▶ **Brief**: All records that follow are to be restated exactly.

Top of Task data

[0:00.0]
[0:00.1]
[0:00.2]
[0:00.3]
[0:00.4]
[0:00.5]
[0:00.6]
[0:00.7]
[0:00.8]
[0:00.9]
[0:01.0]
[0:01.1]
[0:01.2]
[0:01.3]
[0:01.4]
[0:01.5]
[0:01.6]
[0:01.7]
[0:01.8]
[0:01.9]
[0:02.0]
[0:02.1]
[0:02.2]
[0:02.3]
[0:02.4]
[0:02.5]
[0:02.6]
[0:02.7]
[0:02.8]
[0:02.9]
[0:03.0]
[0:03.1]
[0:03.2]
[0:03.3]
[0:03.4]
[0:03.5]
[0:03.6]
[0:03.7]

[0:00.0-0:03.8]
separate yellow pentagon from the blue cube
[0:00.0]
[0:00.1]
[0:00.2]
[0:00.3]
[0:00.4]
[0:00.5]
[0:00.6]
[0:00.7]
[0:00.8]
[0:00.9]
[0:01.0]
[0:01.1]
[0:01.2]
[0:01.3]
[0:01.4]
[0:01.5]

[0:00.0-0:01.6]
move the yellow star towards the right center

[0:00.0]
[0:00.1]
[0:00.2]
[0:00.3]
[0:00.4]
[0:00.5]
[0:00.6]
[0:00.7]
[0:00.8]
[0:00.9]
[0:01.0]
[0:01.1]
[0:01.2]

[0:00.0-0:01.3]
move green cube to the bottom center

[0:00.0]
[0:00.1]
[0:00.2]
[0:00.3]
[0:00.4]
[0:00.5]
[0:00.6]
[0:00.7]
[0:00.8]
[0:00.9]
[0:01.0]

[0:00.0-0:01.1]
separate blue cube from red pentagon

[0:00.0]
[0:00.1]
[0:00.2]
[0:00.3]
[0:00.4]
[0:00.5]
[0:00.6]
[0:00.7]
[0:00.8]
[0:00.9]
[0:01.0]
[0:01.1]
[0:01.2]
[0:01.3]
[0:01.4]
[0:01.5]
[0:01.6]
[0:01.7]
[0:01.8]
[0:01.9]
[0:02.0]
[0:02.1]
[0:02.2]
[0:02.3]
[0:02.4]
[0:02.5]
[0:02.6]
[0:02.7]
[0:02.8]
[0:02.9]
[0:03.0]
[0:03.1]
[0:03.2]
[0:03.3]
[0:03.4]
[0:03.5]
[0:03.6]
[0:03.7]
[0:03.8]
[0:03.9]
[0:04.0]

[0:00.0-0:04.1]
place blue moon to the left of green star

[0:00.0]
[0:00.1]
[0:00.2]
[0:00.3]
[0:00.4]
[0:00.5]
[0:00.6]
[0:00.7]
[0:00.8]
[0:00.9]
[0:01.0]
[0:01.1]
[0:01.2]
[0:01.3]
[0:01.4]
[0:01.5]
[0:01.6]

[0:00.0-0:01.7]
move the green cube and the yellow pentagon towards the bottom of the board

Bottom of Task data

▶ **Answer section**:
[0:00.0]
[0:00.1]
[0:00.2]
[0:00.3]
[0:00.4]
[0:00.5]
[0:00.6]
[0:00.7]
[0:00.8]
[0:00.9]
[0:01.0]
[0:01.1]
[0:01.2]
[0:01.3]
[0:01.4]
[0:01.5]
[0:01.6]
[0:01.7]
[0:01.8]
[0:01.9]
[0:02.0]
[0:02.1]
[0:02.2]
[0:02.3]
[0:02.4]
[0:02.5]
[0:02.6]
[0:02.7]
[0:02.8]
[0:02.9]
[0:03.0]
[0:03.1]
[0:03.2]
[0:03.3]
[0:03.4]
[0:03.5]
[0:03.6]
[0:03.7]

[0:00.0-0:03.8]
separate yellow pentagon from the blue cube
[0:00.0]
[0:00.1]
[0:00.2]
[0:00.3]
[0:00.4]
[0:00.5]
[0:00.6]
[0:00.7]
[0:00.8]
[0:00.9]
[0:01.0]
[0:01.1]
[0:01.2]
[0:01.3]
[0:01.4]
[0:01.5]

[0:00.0-0:01.6]
move the yellow star towards the right center

[0:00.0]
[0:00.1]
[0:00.2]
[0:00.3]
[0:00.4]
[0:00.5]
[0:00.6]
[0:00.7]
[0:00.8]
[0:00.9]
[0:01.0]
[0:01.1]
[0:01.2]

[0:00.0-0:01.3]
move green cube to the bottom center

[0:00.0]
[0:00.1]
[0:00.2]
[0:00.3]
[0:00.4]
[0:00.5]
[0:00.6]
[0:00.7]
[0:00.8]
[0:00.9]
[0:01.0]

[0:00.0-0:01.1]
separate blue cube from red pentagon

[0:00.0]
[0:00.1]
[0:00.2]
[0:00.3]
[0:00.4]
[0:00.5]
[0:00.6]
[0:00.7]
[0:00.8]
[0:00.9]
[0:01.0]
[0:01.1]
[0:01.2]
[0:01.3]
[0:01.4]
[0:01.5]
[0:01.6]
[0:01.7]
[0:01.8]
[0:01.9]
[0:02.0]
[0:02.1]
[0:02.2]
[0:02.3]
[0:02.4]
[0:02.5]
[0:02.6]
[0:02.7]
[0:02.8]
[0:02.9]
[0:03.0]
[0:03.1]
[0:03.2]
[0:03.3]
[0:03.4]
[0:03.5]
[0:03.6]
[0:03.7]
[0:03.8]
[0:03.9]
[0:04.0]

[0:00.0-0:04.1]
place blue moon to the left of green star

[0:00.0]
[0:00.1]
[0:00.2]
[0:00.3]
[0:00.4]
[0:00.5]
[0:00.6]
[0:00.7]
[0:00.8]
[0:00.9]
[0:01.0]
[0:01.1]
[0:01.2]
[0:01.3]
[0:01.4]
[0:01.5]
[0:01.6]

[0:00.0-0:01.7]
move the green cube and the yellow pentagon towards the bottom of the board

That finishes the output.